小儿子事是成了,结果大儿子不但没找到个富家女就算了竟然非要和一个死了老公的二婚女人结婚,典礼当天老两口连面都没露。
后来得知连孩子都只生个女孩后更是坐在医院地上拍着脸哭周家脸都被丢尽了,说大儿子没用非娶个二婚女,要么离婚再找要么断绝关系。
大儿子这人少和人红脸却无法眼睁睁看着妻子也被羞辱,当场在医院就拍了板子断绝关系。
总的是觉得还有争气的小儿子,老两口起身拍拍屁股就认了,从那以后对外也只说自己只有一个儿子一个孙子。
或许这个世界上本就不是每个父母都爱自己的孩子,大儿子意外车祸去世,老两口也当真狠心地连葬礼都未出席。
结果一家老小傍亲家的好日子并未过太久,三个月前那被恨不得被顶在脑门上招摇过市的宝贝小儿子突然被查出了急性髓性白血病,家里人的骨髓都匹配不上。

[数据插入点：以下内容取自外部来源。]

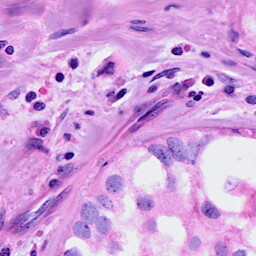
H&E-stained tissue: Breast
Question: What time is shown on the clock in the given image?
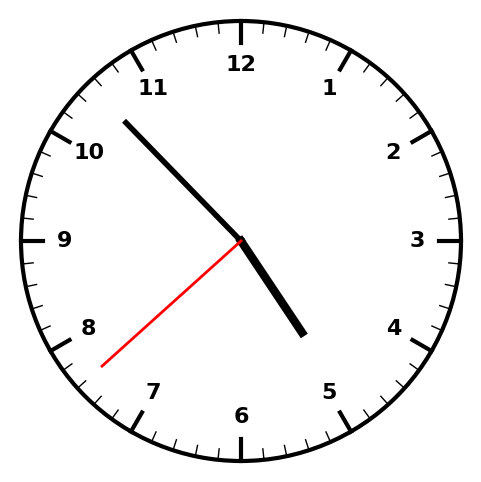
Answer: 04:52:38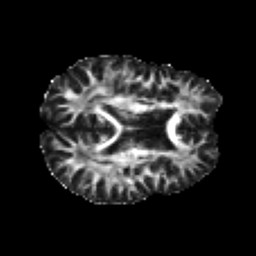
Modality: FA
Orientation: axial
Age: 20
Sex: male
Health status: healthy
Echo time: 0.074 s
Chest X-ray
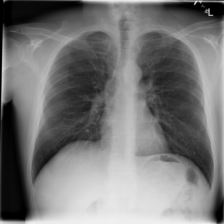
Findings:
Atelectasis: negative
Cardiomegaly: negative
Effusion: negative
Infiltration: negative
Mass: negative
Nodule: negative
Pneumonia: negative
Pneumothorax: negative
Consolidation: negative
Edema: negative
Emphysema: negative
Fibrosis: negative
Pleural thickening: negative
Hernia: negative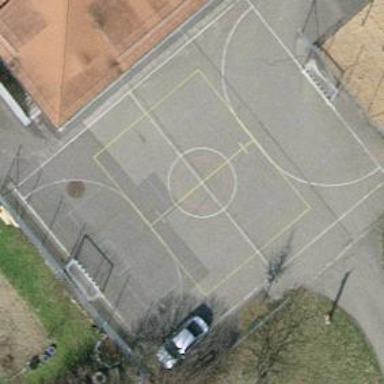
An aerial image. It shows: Asphalt pitch designated for leisure land activities.
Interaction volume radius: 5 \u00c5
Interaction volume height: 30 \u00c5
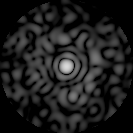
Disorder parameter: 0.8241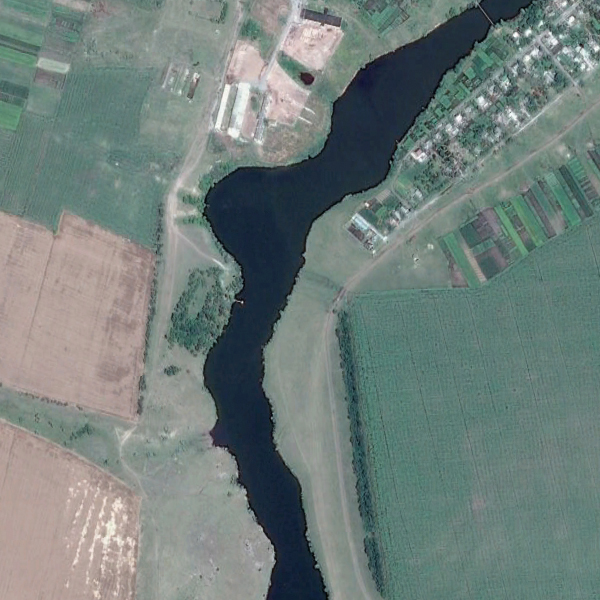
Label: River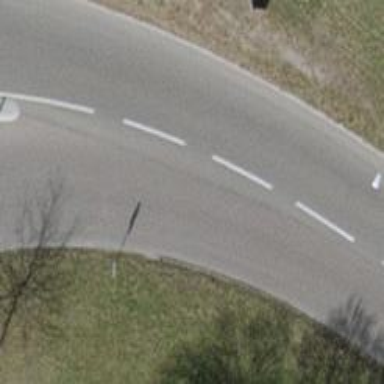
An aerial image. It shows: Tertiary road with asphalt surface and separate sidewalk.
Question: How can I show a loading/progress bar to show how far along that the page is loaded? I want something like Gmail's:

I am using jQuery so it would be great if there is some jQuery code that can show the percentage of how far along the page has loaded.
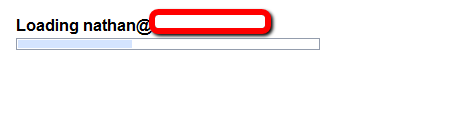
Answer: Here's what you want, see example, you can also download it and tweak as your needs:
<URL>
Hope this helps.
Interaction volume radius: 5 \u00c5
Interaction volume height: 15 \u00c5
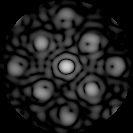
Disorder parameter: 0.2827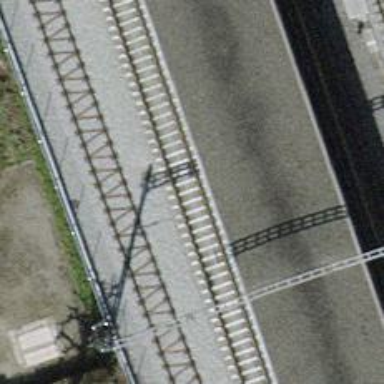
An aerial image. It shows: Railway stop with public transport stop position.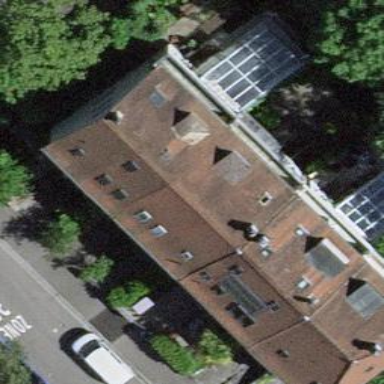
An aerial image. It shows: Terrace building.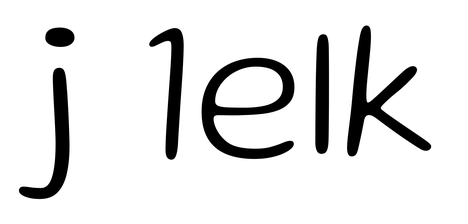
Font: Gluten_ExtraLight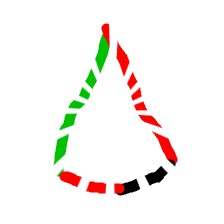
Shape: kite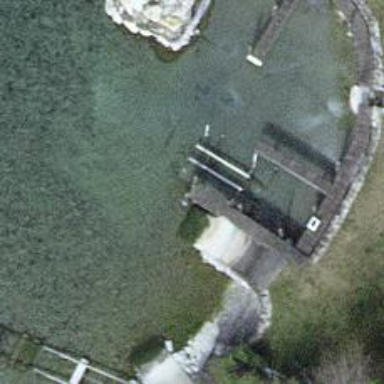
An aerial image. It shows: Man-made pier.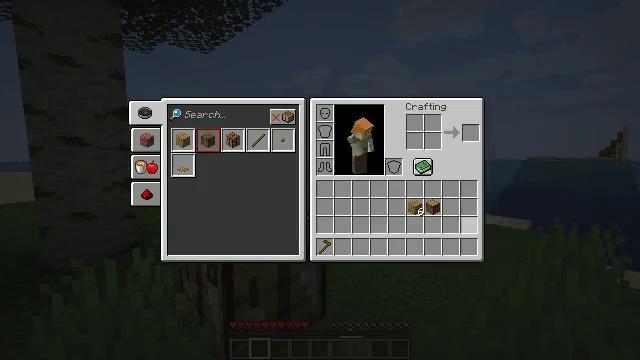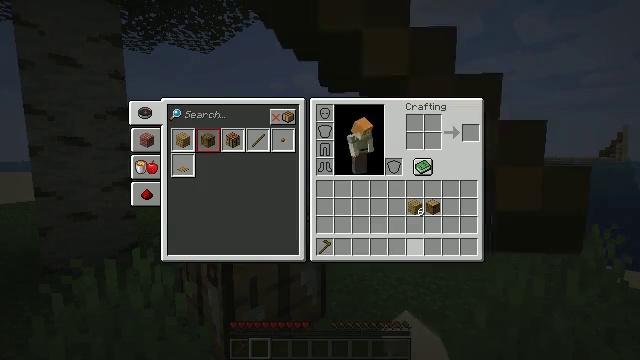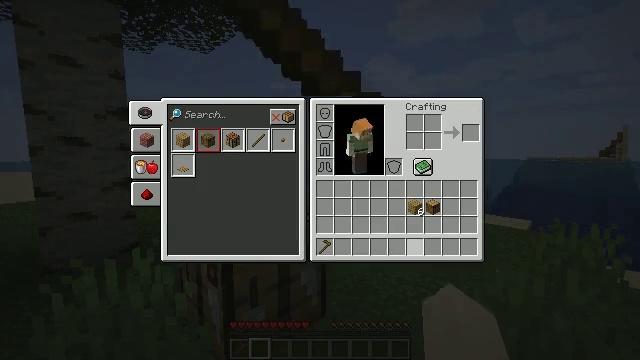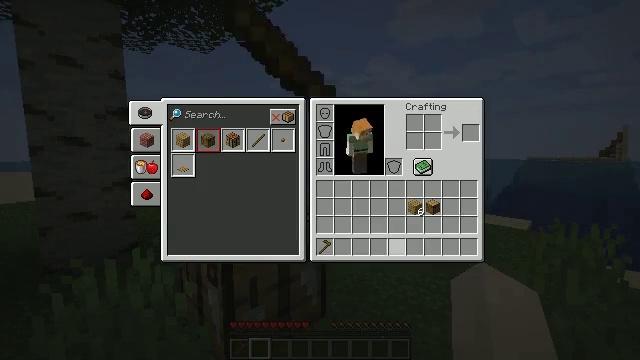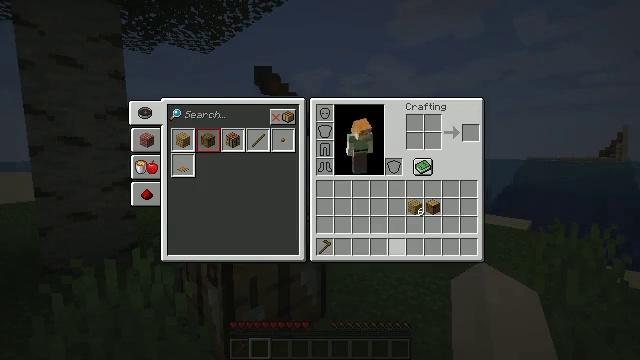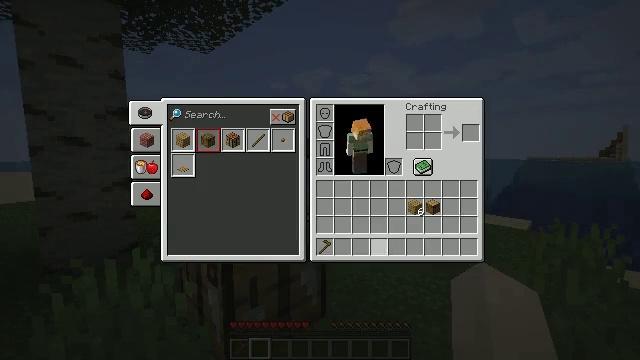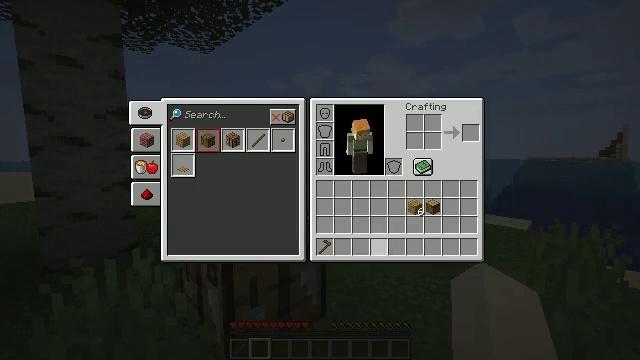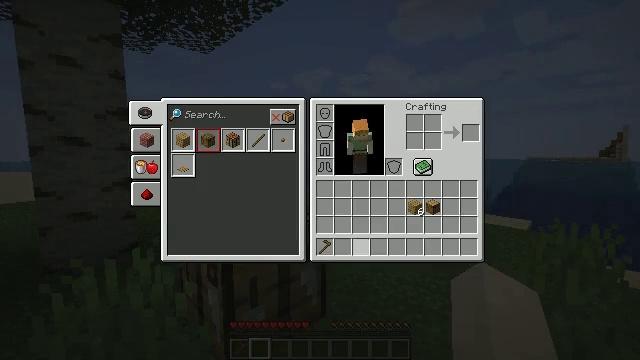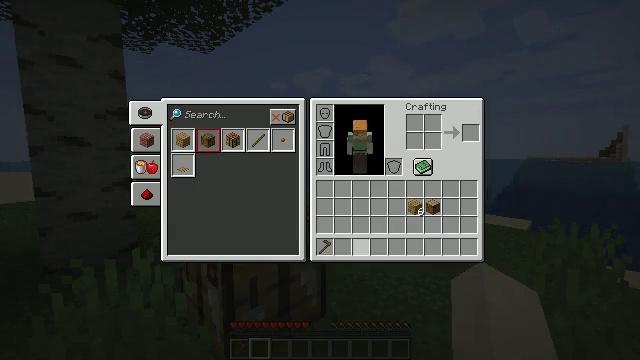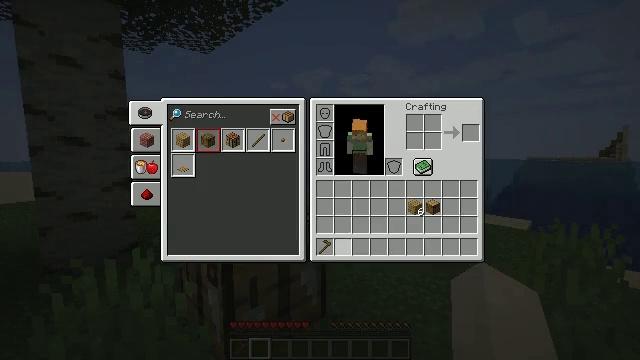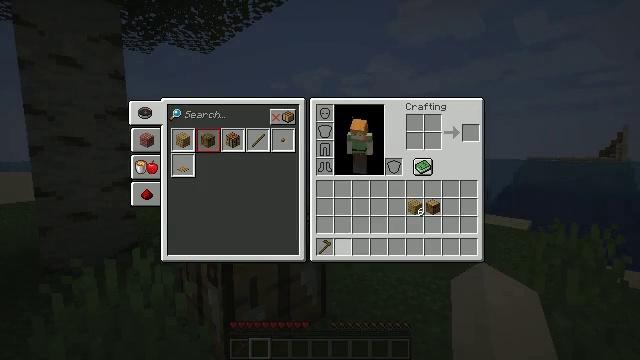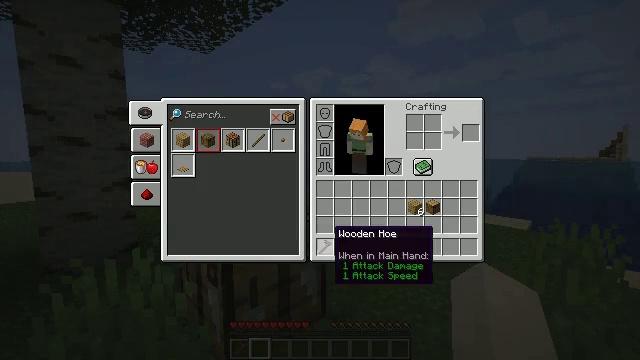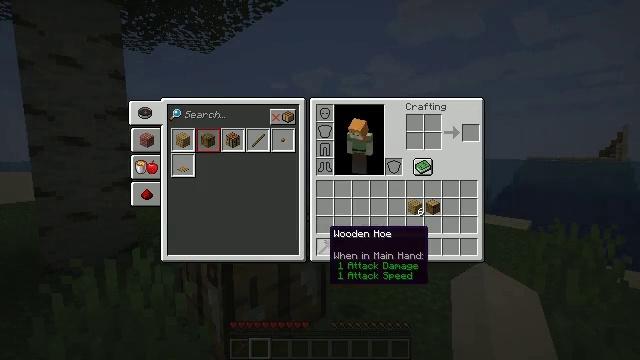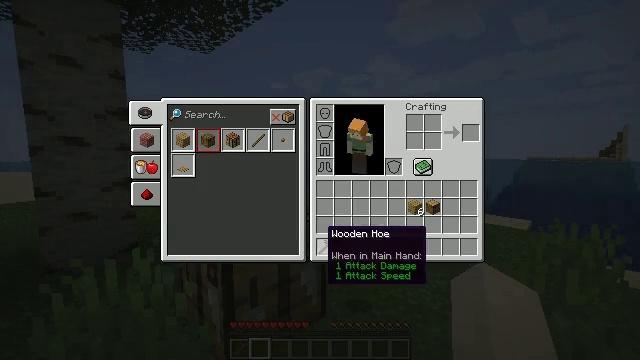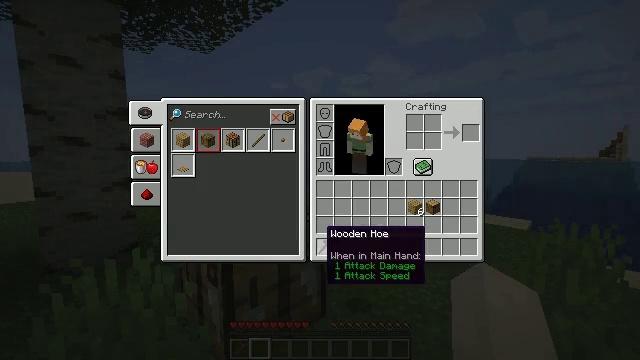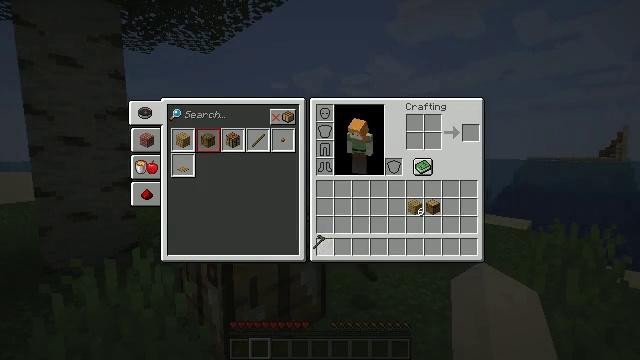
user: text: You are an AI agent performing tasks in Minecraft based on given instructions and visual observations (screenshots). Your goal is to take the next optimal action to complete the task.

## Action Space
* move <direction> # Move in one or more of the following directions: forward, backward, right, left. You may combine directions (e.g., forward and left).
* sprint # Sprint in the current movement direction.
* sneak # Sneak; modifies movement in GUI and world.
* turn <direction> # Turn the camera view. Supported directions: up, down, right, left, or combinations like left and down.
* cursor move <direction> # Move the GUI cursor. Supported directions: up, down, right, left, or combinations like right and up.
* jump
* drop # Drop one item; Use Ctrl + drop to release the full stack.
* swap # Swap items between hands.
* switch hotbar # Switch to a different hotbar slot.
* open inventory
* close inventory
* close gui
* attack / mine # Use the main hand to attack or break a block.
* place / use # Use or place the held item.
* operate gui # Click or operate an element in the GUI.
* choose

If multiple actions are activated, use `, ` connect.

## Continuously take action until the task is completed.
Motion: motion action
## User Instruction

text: Remove a wooden hoe from the inventory.
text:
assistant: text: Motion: turn left
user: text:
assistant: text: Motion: turn left
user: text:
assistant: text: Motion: no_op
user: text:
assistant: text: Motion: no_op
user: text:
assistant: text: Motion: no_op
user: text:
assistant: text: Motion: no_op
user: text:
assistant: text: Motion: no_op
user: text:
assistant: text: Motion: no_op
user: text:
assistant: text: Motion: no_op
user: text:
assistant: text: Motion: no_op
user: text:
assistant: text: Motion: no_op
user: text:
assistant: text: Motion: no_op
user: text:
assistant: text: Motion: no_op
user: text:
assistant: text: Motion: no_op
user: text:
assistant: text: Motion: attack / mine
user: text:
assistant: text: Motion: attack / mine
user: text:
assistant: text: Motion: attack / mine
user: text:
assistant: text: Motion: no_op
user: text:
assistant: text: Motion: turn right
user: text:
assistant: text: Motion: turn right
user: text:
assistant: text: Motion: turn right
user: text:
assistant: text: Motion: turn right
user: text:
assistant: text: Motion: no_op
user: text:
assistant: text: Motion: attack / mine
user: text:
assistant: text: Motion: attack / mine
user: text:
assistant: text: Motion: attack / mine
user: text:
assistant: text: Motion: no_op
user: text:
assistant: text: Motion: no_op
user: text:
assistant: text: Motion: no_op
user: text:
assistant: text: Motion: no_op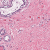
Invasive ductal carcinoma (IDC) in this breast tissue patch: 0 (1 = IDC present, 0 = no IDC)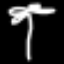
Label: palm tree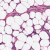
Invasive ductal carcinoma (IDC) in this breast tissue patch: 1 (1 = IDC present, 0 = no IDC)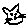
Label: cat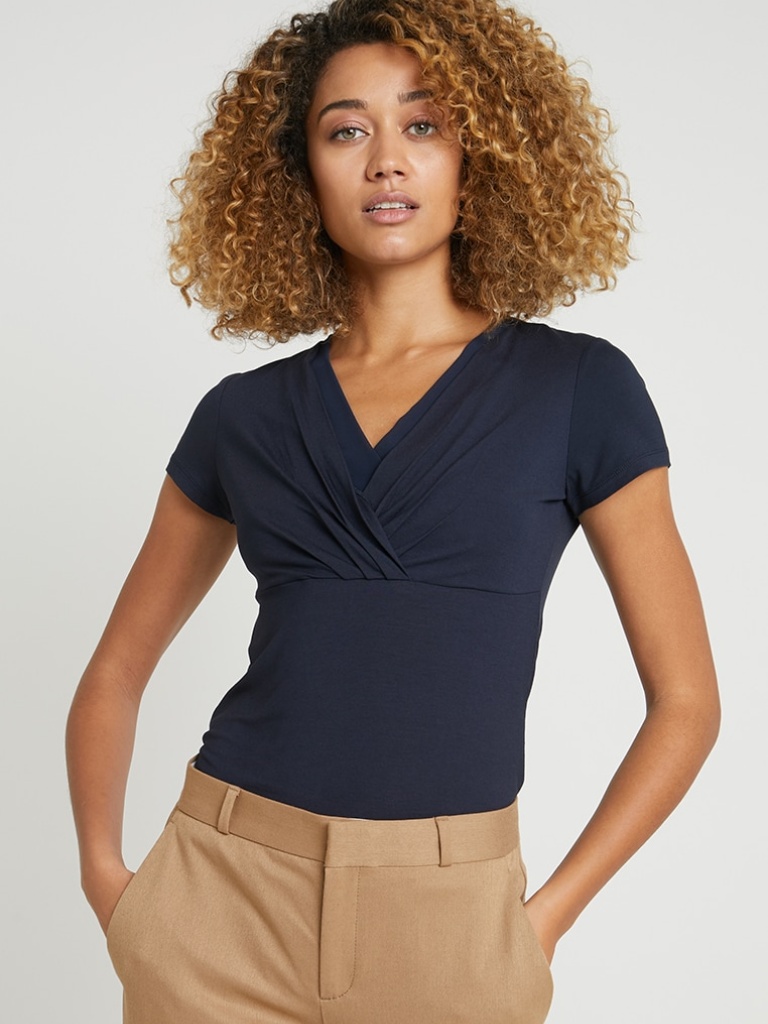
cotton tight short sleeve hip length Fully Tucked in v-neck t-shirt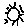
Label: sun

而那平日一直算得上和睦的亲家也就此翻脸,像是生怕被沾上,火急火燎地带着孩子离了婚,最后或许是为了给自己的良心找个寄托,到底是留了些钱。
可那些钱对于这种病来说杯水车薪,不过几年时间凭着小儿子从县城逆袭成高门大户风光还未盛几年的周家老两口就带着重病的儿子灰溜溜地回了溪城,再不复往日风光。
本以为等不到适配骨髓只能等死的绝望之际老两口却突然想起来还有个人。
医生说同卵双胞胎的骨髓配型成功率接近于百分之一百,而父母子女之间是百分之二十五到百分之五十。
那就说明除去周家二老和小儿子的亲子外,在现存的血缘亲属关系中同胞兄弟的后代是最有可能被匹配成功的人。
游可为看着资料上的字,只觉得从心底升起一股凉意。
怪不得那么多年都没有联系的人突然找来说什么认孩子,原来是这样。
任谁都能明白黄鼠狼给鸡拜年不安好心的道理,所以楚野才会非常抗拒周家人来,也不信他们那些借口从未流露出一点动摇。
可虽然想不明白原因但以正常人的思维来想谁又能想到人心竟然能坏到这种地步。
怎么就会有人这么恶毒,孩子当初不要也不养,多年以后找来竟然是为了带去给自己儿子做骨髓配型。
楚昭昭才六岁,如果真的匹配成功的话他们真的就敢让一个六岁的孩子去捐骨髓?
体内残留的麻药后劲在时间的流逝中缓缓消散,游可为闭上长时间被扎眼文字刺痛的眼睛缓了缓,而后点开通讯录给楚野拨去电话。
他得把这些告诉楚野,那个人的病已经拖不太久了,排队等其他适配骨髓成功的机率几乎是不存在的。
所以周家人现在应该是把所有的期望都寄托在楚昭昭身上,小孩对他们来说就是唯一的救命稻草。
时间拖的越久他们越等不及,人在被逼到绝境的时候什么都做得出来。
之前还能勉强打着冠冕堂换的借口骗,随着时间推移要是发现真说不通楚野带不回小孩,他们指不定能做出来什么坏事。
所以他得告诉楚野,最近千万千万要提高警惕。
第109章
“对不起您拨打的电话正在通话中,请稍后再拨……”
游可为挂断电话拖着还有点无力的腿勉强换了个侧躺的姿势。
后腰和屁股连着一片都因为躺的过久有些酸麻,从昨天半夜就一直拧着的胃在麻药劲儿过去后连着缝合的刀口都开始泛起细密的疼。
他从前以为只有肚子疼才可能是阑尾炎,所以昨天半夜胃疼起来时只当最近饮食不规律才引起的胃病,没成想药吃下去半点作用没起,反而疼的愈发厉害。
一直硬撑到凌晨两点多实在没有半点好转他才终于到医院挂了急诊。
结果本以为挂个点滴就差不多的小病来了以后全身ct一扫才被告知是阑尾炎,而且还被拖的挺严重,医生说再晚一点就得穿孔了。
一直到侧蜷在手术台上腰椎被麻醉针退进冰凉的药液时他都还没反应过来怎么事情就从胃疼演变成要做手术了。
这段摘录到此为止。